Um von der Theorie in die Praxis zu wechseln: Wie viele Frauen lächeln denn tatsächlich von diesem Foto? Ist das Bild denn ausgeglichen? Landeshauptmann Arno Kompatscher ist da skeptisch: Nach der Vorstellung der neuen Gesellschaft „IDM – Südtirol Alto Adige“, bei der sieben männliche Entscheidungsträger neben einer Moderatorin auf der Bühne standen, meinte er anschließend reumütig, man habe „selbst gemerkt, dass an dem Bild etwas nicht stimmt.“

So haben wir uns die Bilder mal angeschaut, die täglich in Politik und Wirtschaft entstehen. Was bleibt von der Idee von Frau und Mann auf Augenhöhe im Südtiroler Tagesgeschäft, wenn Hände geschüttelt und Verträge geschlossen werden, kommuniziert und präsentiert und Wichtiges entschieden wird; wenn Politiker diskutieren und es um Dinge geht wie den Fusionsvertrag zwischen SEL und AEW, um HDS und SVP.

Stehen die Frauen im Schatten? Wir haben die Sache mal umgedreht, und versucht die Männer auszublenden.
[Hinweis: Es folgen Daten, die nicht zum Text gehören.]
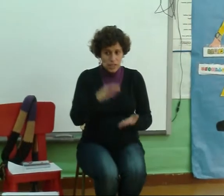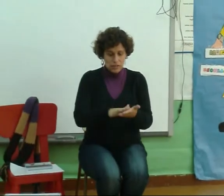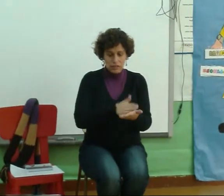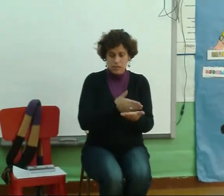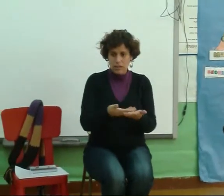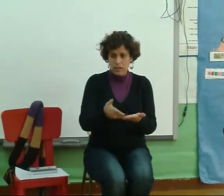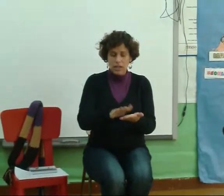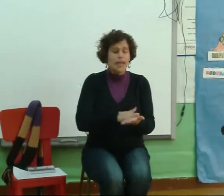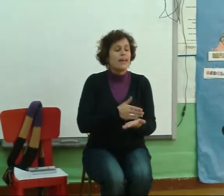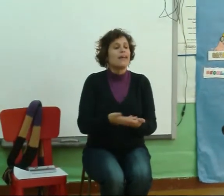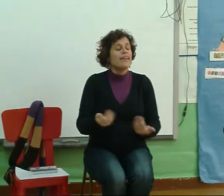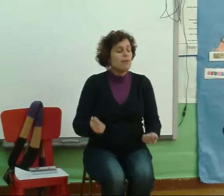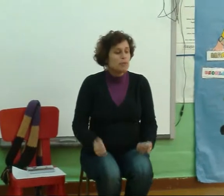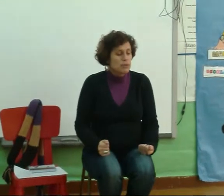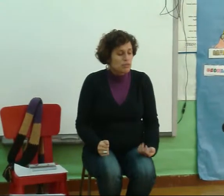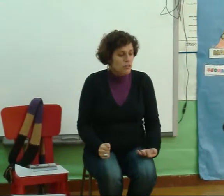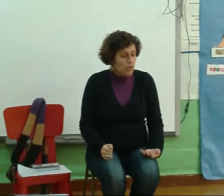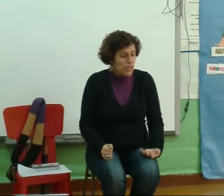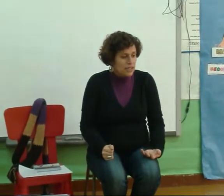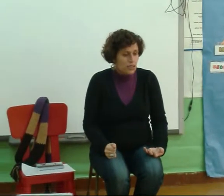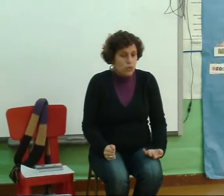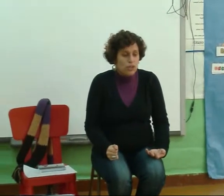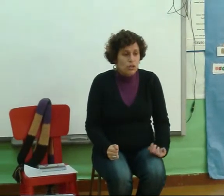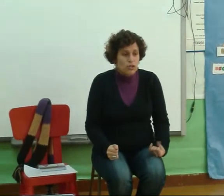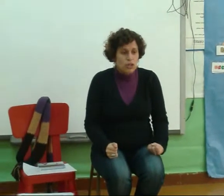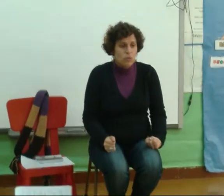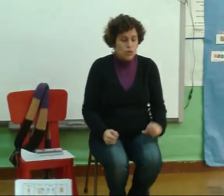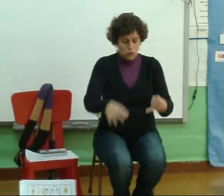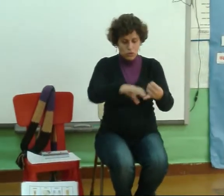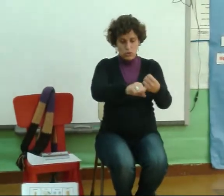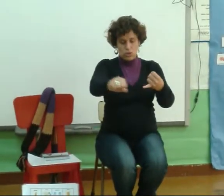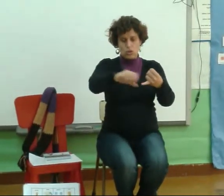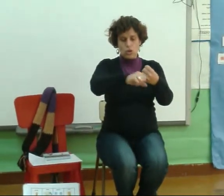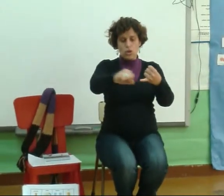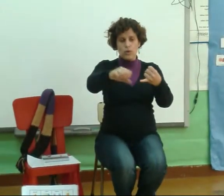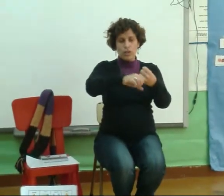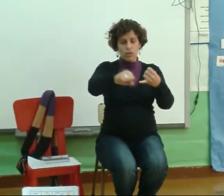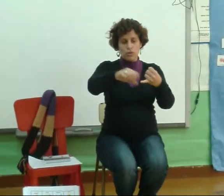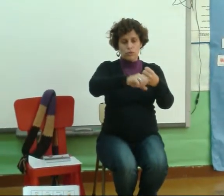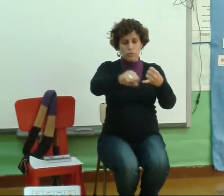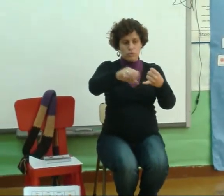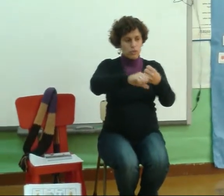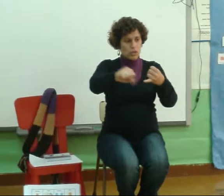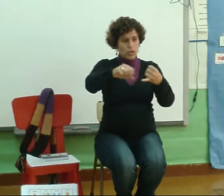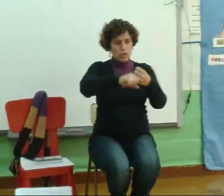Si? Te que máis podemos facer un bocata? De chourizo Si ou non? De chourizo Chourizo I tan

Diese andere Darstellung der Wirklichkeit ist kein Aufschrei. Sie ist vielleicht ein Denkanstoß: Sind Frauen wirklich unterrepräsentiert? Gibt es gläserne Decken, oder sind es die Frauen selbst, die ihr Glück woanders suchen? Ist es die Freiheit einer freien Frau, sich gegen den Weg nach oben zu entscheiden, oder die Pflicht der Politik, sie dorthin zu bringen? Und brauchen wir mehr KITAs?